Friction is the resistance to motion that occurs when two surfaces interact. This force acts parallel to the surfaces in contact, always opposing the direction of motion or the potential for motion. The central question is whether the force needed to start an object moving differs from the force needed to keep it moving.
Static Friction: The Force of Rest
Static friction is the force that prevents an object from beginning to move when an external force is applied. This force automatically adjusts its magnitude to be exactly equal and opposite to the applied force, keeping the object stationary. For example, if you push lightly on a heavy box that remains still, the static friction force pushes back with the exact same strength.
The force of static friction is not fixed but increases up to a specific maximum threshold.

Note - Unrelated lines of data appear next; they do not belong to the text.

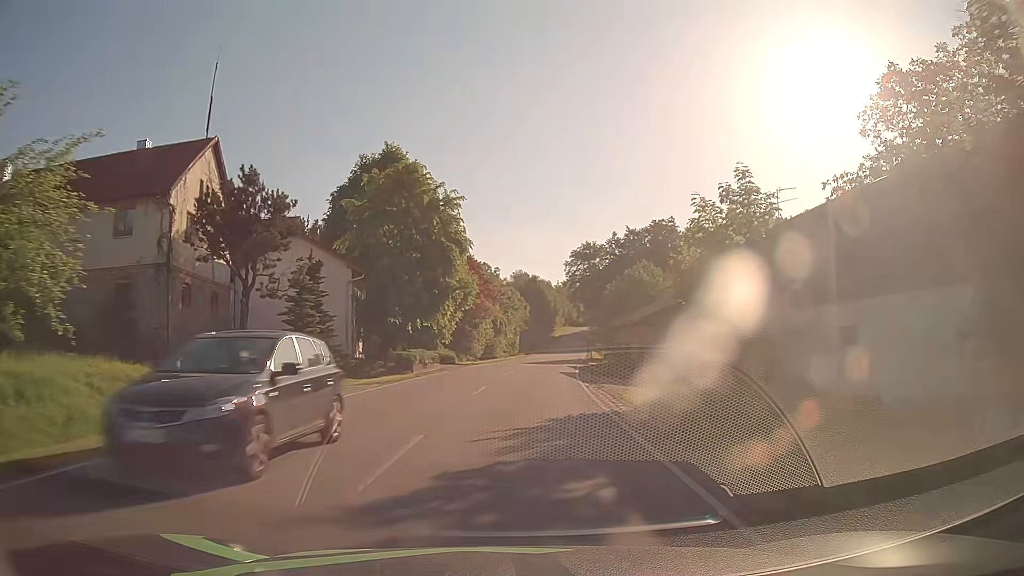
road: tertiary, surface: asphalt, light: Day
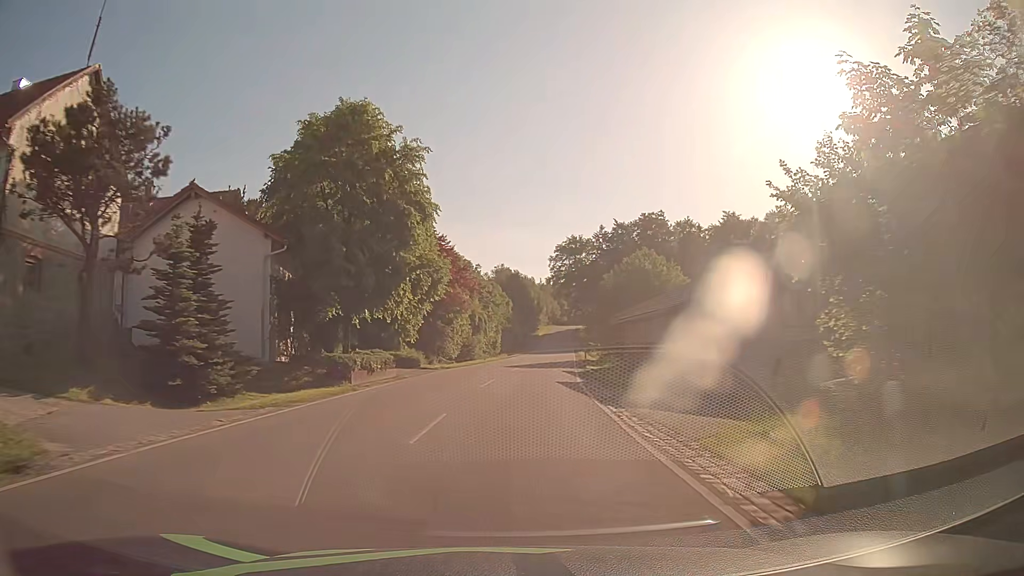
(+0.1, +9.1) m; +1°
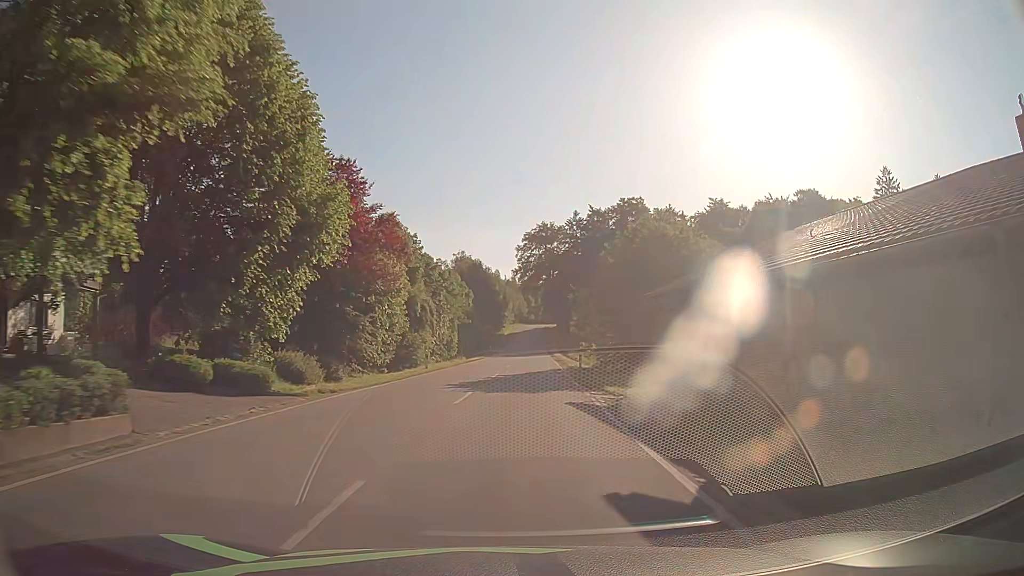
(+0.5, +18.2) m; +3°
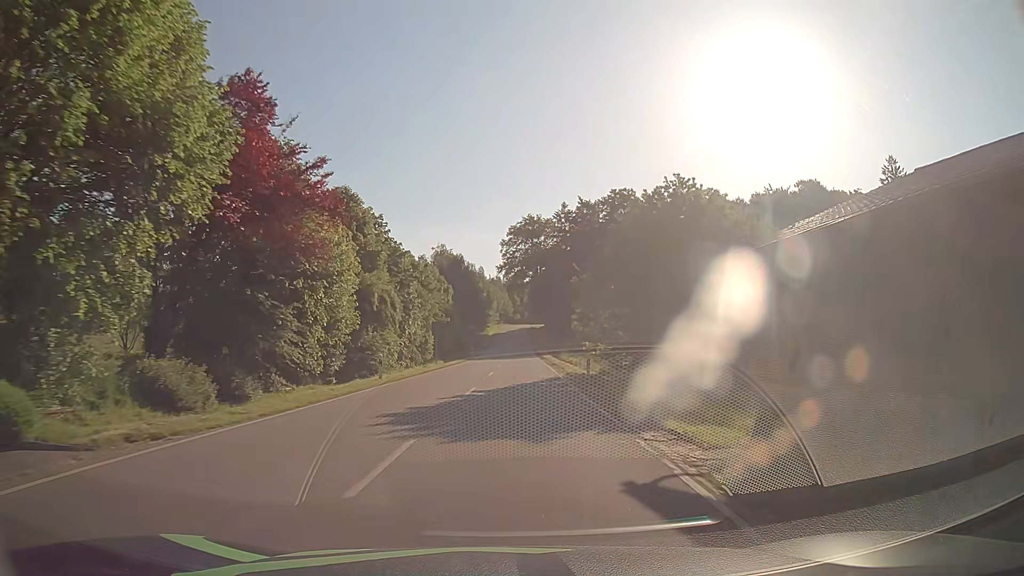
(+0.1, +9.1) m; +1°
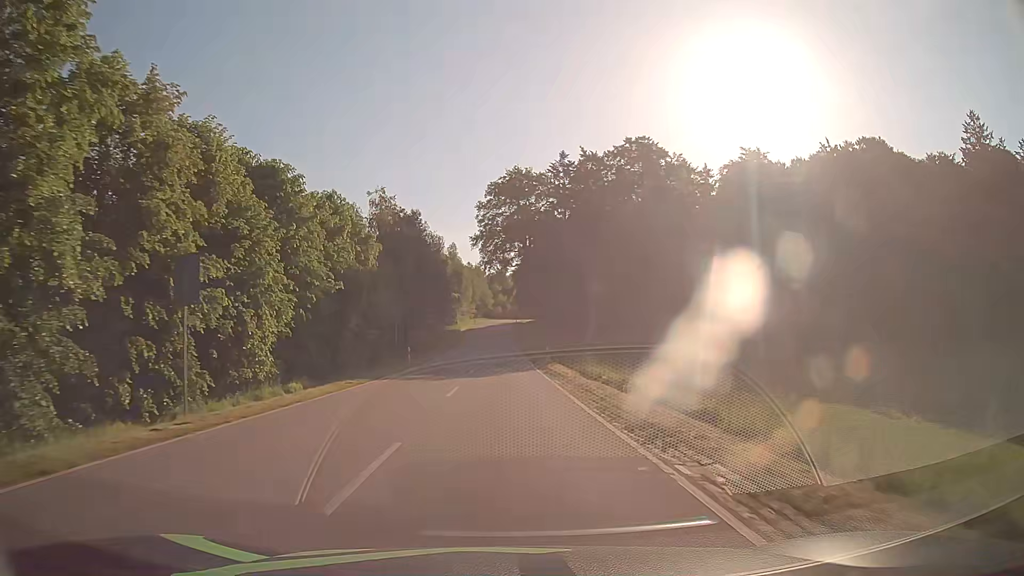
(+0.7, +36.6) m; +2°
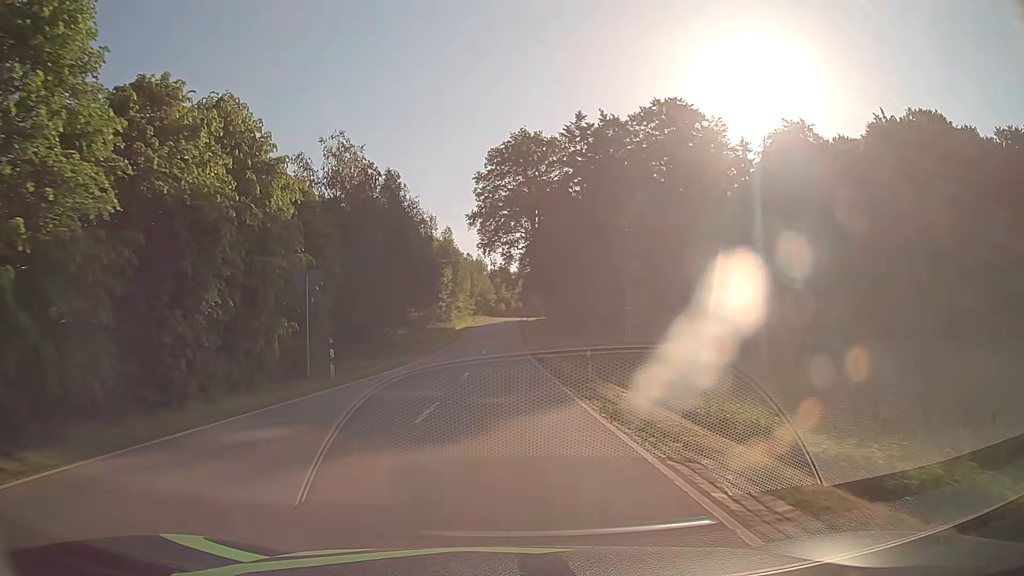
(-0.1, +18.3) m; 0°
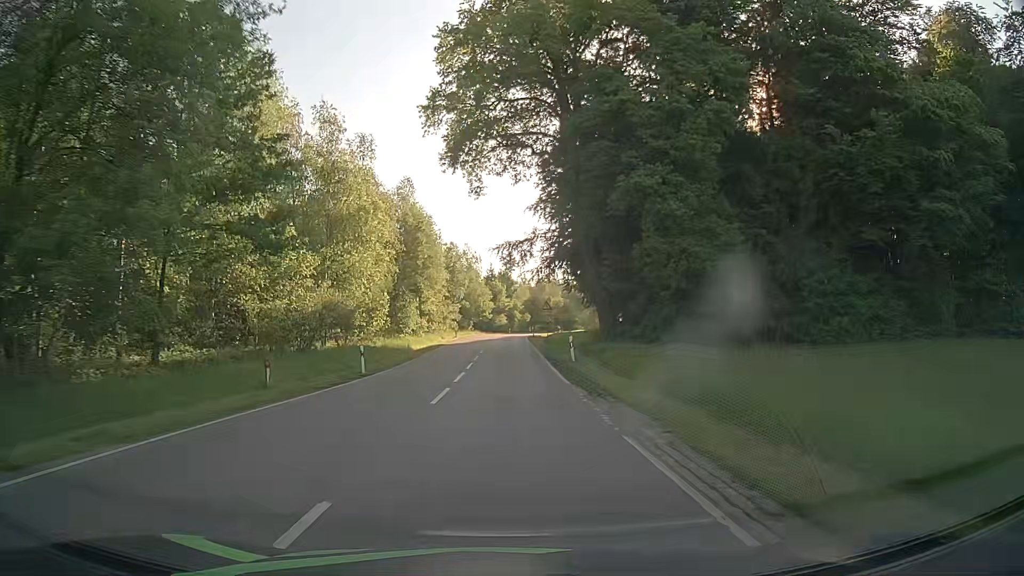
(-0.1, +45.5) m; 0°
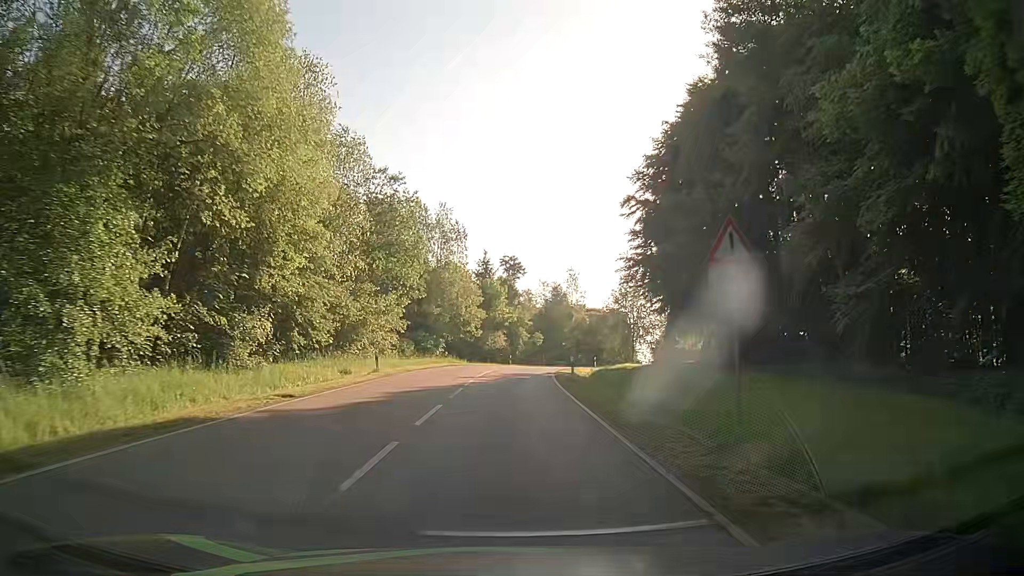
(-0.2, +44.6) m; -1°
(0, +10) (0, +20) (+1, +30) (+1, +40) (+3, +50) (+5, +60) (+8, +69) (+11, +79) (+16, +87) (+21, +96) m

Once the external force exceeds this maximum resistance, the object will begin to slide. This maximum point, known as limiting friction, represents the greatest resistance the surfaces can offer before motion begins. This force is related to the coefficient of static friction, a value dependent on the materials in contact.

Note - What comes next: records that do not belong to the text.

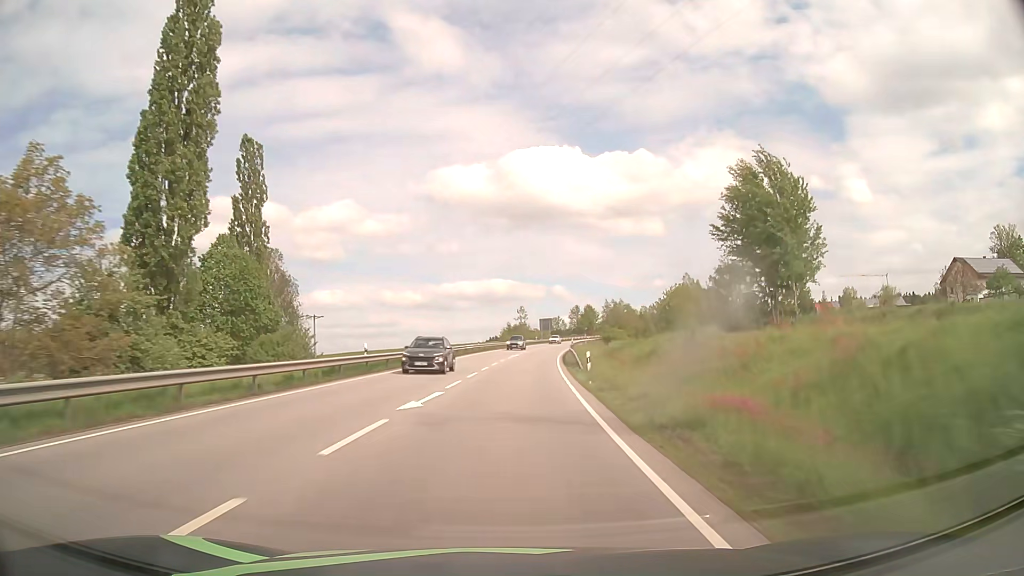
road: primary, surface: asphalt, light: Day
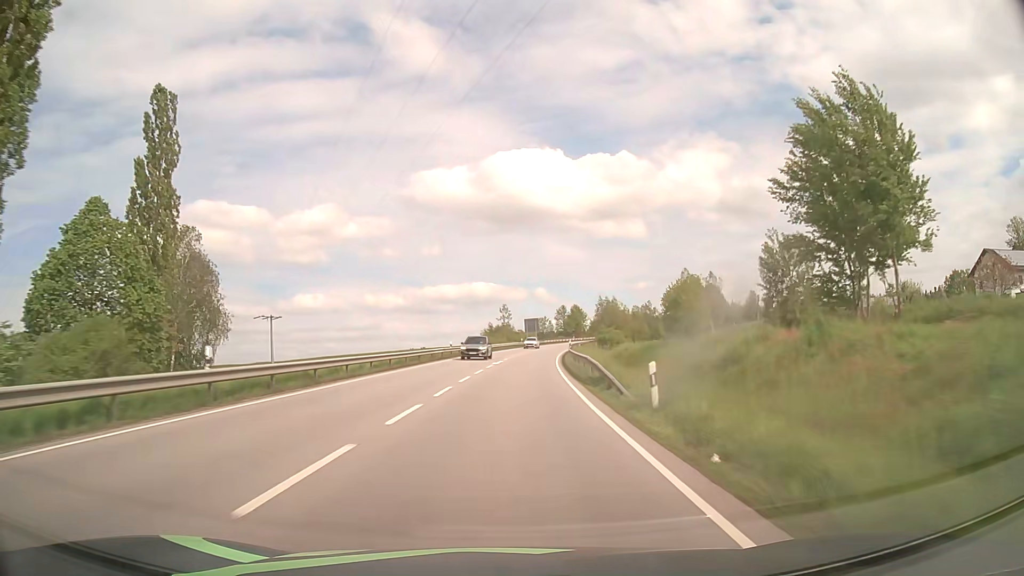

Sliding Friction: Resistance During Motion
Once the maximum static resistance is overcome and the object is in motion, the friction transitions to sliding friction, also known as kinetic friction. This force constantly opposes the relative movement between the two sliding surfaces. Sliding friction slows down an object and must be continuously countered to maintain a constant speed.
Unlike static friction, the force of sliding friction is a constant value for a given pair of surfaces. This force does not change significantly based on the object’s speed. The resistance encountered during this phase is lower than the initial resistance required to start the motion.

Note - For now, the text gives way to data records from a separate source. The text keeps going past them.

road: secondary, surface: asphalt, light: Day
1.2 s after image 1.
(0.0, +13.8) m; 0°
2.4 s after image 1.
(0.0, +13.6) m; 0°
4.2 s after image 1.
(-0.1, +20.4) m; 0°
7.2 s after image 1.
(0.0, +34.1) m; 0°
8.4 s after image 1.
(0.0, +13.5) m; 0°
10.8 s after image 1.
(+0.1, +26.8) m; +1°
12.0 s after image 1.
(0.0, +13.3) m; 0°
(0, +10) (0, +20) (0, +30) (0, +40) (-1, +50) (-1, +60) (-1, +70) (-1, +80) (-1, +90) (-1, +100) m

The Reason for the Difference
Static friction is consistently stronger than sliding friction due to the microscopic nature of surface contact. Even smooth surfaces are covered in tiny peaks and valleys called asperities. When two objects are at rest, these microscopic irregularities settle and interlock with the valleys of the opposing surface.
This close contact allows for the formation of temporary atomic bonds, sometimes called “cold welding,” between the molecules of the two surfaces. Overcoming static friction requires enough energy to break both the mechanical interlocking of the asperities and these stronger adhesive bonds. The coefficient of static friction (mu_s), which quantifies this resistance, is greater than the coefficient of kinetic friction (mu_k).
Once the object is moving, the surfaces constantly bounce over each other. The time available for asperities to interlock deeply or for strong atomic bonds to form is greatly reduced. The force required to maintain motion, the sliding friction, only needs to break weaker, rapidly forming bonds.
Observing Friction in Action
The difference in strength between the two types of friction is evident in many everyday situations. Pushing a heavy piece of furniture across a room requires a burst of force to start moving it. Once it is sliding, a smaller, sustained force is sufficient to keep it going, illustrating the transition from high static friction to lower sliding friction.
In automotive engineering, this principle is fundamental to anti-lock braking systems (ABS). ABS prevents wheels from locking up and skidding, which would cause sliding friction. The system modulates the brakes to keep the wheels rotating slightly, maintaining the maximum possible static friction. This static grip provides greater stopping power and allows a car to accelerate, turn, and brake effectively.